Modern Chemistry & Applications

Organometallic Chemistry of d Block Metals and Reactions of their Complexes

Bilal Mohammed^* Department of Chemical Sciences, University of Peshawar, Khyber Pakhtunkhwa, Pakistan
^*Correspondence: Bilal Mohammed, Department of Chemical Sciences, University of Peshawar, Khyber Pakhtunkhwa, Pakistan, Email:

Received: 30-Sep-2022, Manuscript No. MCA-22-18602; Editor assigned: 03-Oct-2022, Pre QC No. MCA-22-18602 (PQ); Reviewed: 17-Oct-2022, QC No. MCA-22-18602; Revised: 24-Oct-2022, Manuscript No. MCA-22-18602 (R); Published: 31-Oct-2022, DOI: 10.35248/2329-6798.22.10.380

Description

Organometallic chemistry of transition metals is relatively new. Although their bonds and structures were unknown in the 19th century, after that the work of W. Hieber on metal carbonyl compounds was important in his 1930s, but the results of these studies were not supported by structural analysis techniques available at the time and they was under developed and also limited..

The discovery of ferrocene Fe (C5H5)2 in 1951 was a breakthrough for this field of chemistry. The very unique binding mode of this complex was revealed by single-crystal X-ray structural analysis, NMR spectroscopy, infrared spectroscopy, etc., and served as a starting point for the subsequent development of this field. It was an important finding of era. Ferrocene has very high thermal stability and despite the popular belief that transition metal-carbon bonds are highly labile. It was also revealed that this compound has a sandwich structure in which the five carbon atoms of the cyclopentadienyl group are simultaneously bonded to the central metallic iron.

Hydrocarbon complexes

Organometallic compounds are those having metal-carbon bonds in between one and eight carbon atoms. Hapticity is known as the number of atoms in a ligand that having the direct coordinative interaction with the metal and number which is added to η.

For example, In a π allyl complexes if an allyl group CH2=CHCH2- is bonded to an metal via carbon atom, When the double bond delocalizes, three carbon atoms bond to the metal simultaneously as a 3-electron ligand.

Phosphine complexes

Tertiary phosphines are used as stabilization ligands in transition of metal complexes and they are coordinate towards the metals in relatively high to low oxidation state. These complexes are frequently used as an carbonyl or cyclopentadienyl ligands in chemistry of organometallic complexes.

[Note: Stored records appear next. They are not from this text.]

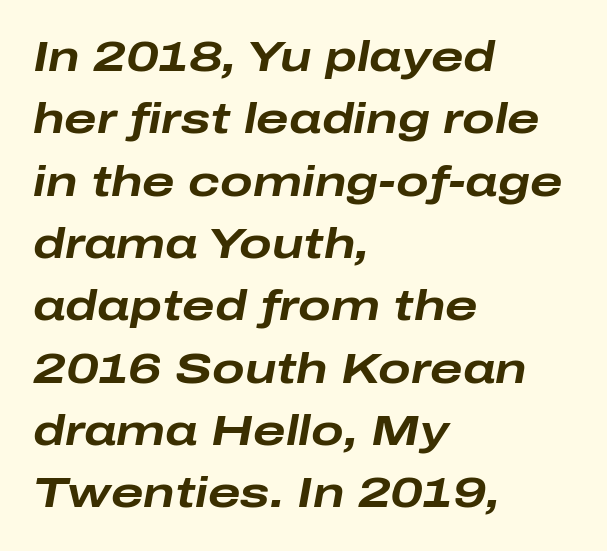
Q: Is the text bold? A: Yes.
Q: Is the text italic (slanted)? A: Yes, it leans right by about 10 degrees.
Q: Is the text underlined? A: No.
Q: How is the paragraph aligned? A: Left-aligned.
Q: Is the spacing between letters normal or unusually wide? A: Normal.
Q: Is the spacing between lines tight, normal or loose? A: Normal.
Q: Width (condensed, normal, or wide)? A: Wide.
Q: Stroke contrast? A: Low.
Q: x-height? A: Medium.
Q: Monospaced? A: No.
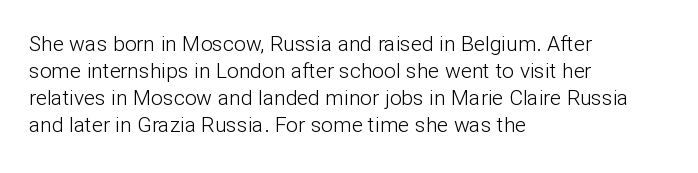
These lines keep a tight, regular rhythm from letter to letter. The rows are spaced the way most documents space them. Nothing heavy about these letters — not bold at all. A roman cut, with each character standing at attention. Check under the words: just untouched page. All the whitespace from short lines collects on the right.
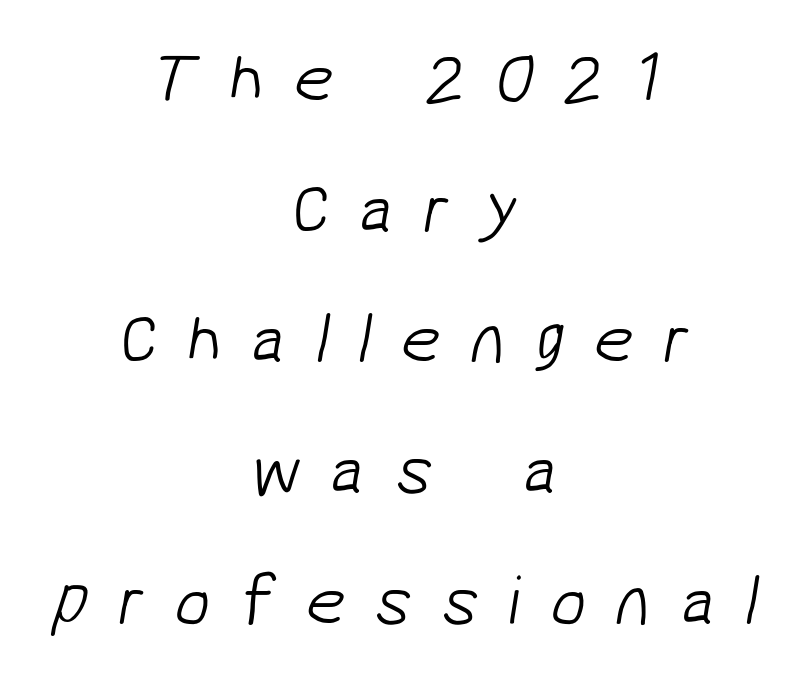
{"serif": "no", "bold": "no", "weight": "light", "width": "normal", "stroke_contrast": "low", "x_height": "medium", "monospaced": "no", "underline": "no", "align": "center", "line_spacing_ratio": 1.84, "letter_spacing": "wide", "letter_spacing_em": 0.42, "glyph_px": 71}
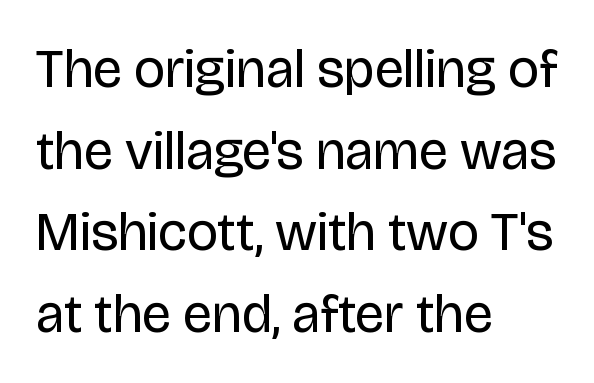
The image shows 54 px regular-weight sans-serif type, upright; set left-aligned, normal line spacing (1.51x), normal letter spacing, not underlined; low stroke contrast and a large x-height.

Phosphine complexes are Lewis bases and they coordinate to the metal by using the lone pair on phosphorus and show π-acidity while carrying the X substituents including Ph, Cl, or F which having strong electron accepting properties.

Small molecule complexes

2 or 3 atomic molecules (H₂, N₂, CO, NO, CO₂, NO₂, and H₂O, SO₂) are called small molecules and chemistry of their complexes is used not only for basic inorganic chemistry but also for the Catalytic chemistry, Industrial chemistry, and Environmental chemistry.

Metal-metal bonds

The formation of an coordinate bond between ligands and central metal ion proposed by A. Werner and it was basis for the complex development. Most of the di nuclear or poly nuclear complexes that contain more than 2 metals in a complex, it was sufficient to take into consideration, only when having the bonds between the ligands and metal.

Metal cluster compounds

Structures of an newly prepared polynuclear complexes which contain 2 or more metals which was very difficult to complex. In single crystal X-ray structural analysis, our understanding of the chemistry of polynuclear complexes is progressing quickly. Metalcluster complexes are polynuclear complexes built by 3 or more transition-metal atoms having bonds between the metals which coordinated by ligands to form an polyhedral frames such as in shapes of triangle, regular tetrahedron, regular octahedron and an icosahedron. If there is no strong bond between 2 metals, as long as there is some other interaction may present, they can be included as an cluster compounds.

Reactions of complexes

The reactions of complexes are classified into Ligand substitution reactions and Redox reactions of the central metal ion.

Ligand substitution reactions

These complex reactions are important for preparation of various kinds of derivatives. These reactions are studied to understand their stereochemistry and to gain practical rates of substitution reactions. Comparing to other types of chemical reactions these reactions requires an understanding of both equilibrium and reaction rates.

Redox reactions

Oxidation number of central metal in a transition-metal compound can vary in a few steps from low to high. Oxidation state of a compound is changeable by using redox reactions.

Conclusion

The industrial importance of organometallic compounds of the transition metal increased with the discovery of olefin polymerization catalysts (Ziegler catalysts), homogeneous hydrogenation catalysts (Wilkinson catalysts), and the development of catalysts for the binary metal carbonyl compounds which consists of only CO ligands and metal are prepared by direct reaction of an powder (highly reactive metal and carbon monoxide) or (by the reduction of an metal salt to zero valance by reaction followed with high-pressure carbon monoxide).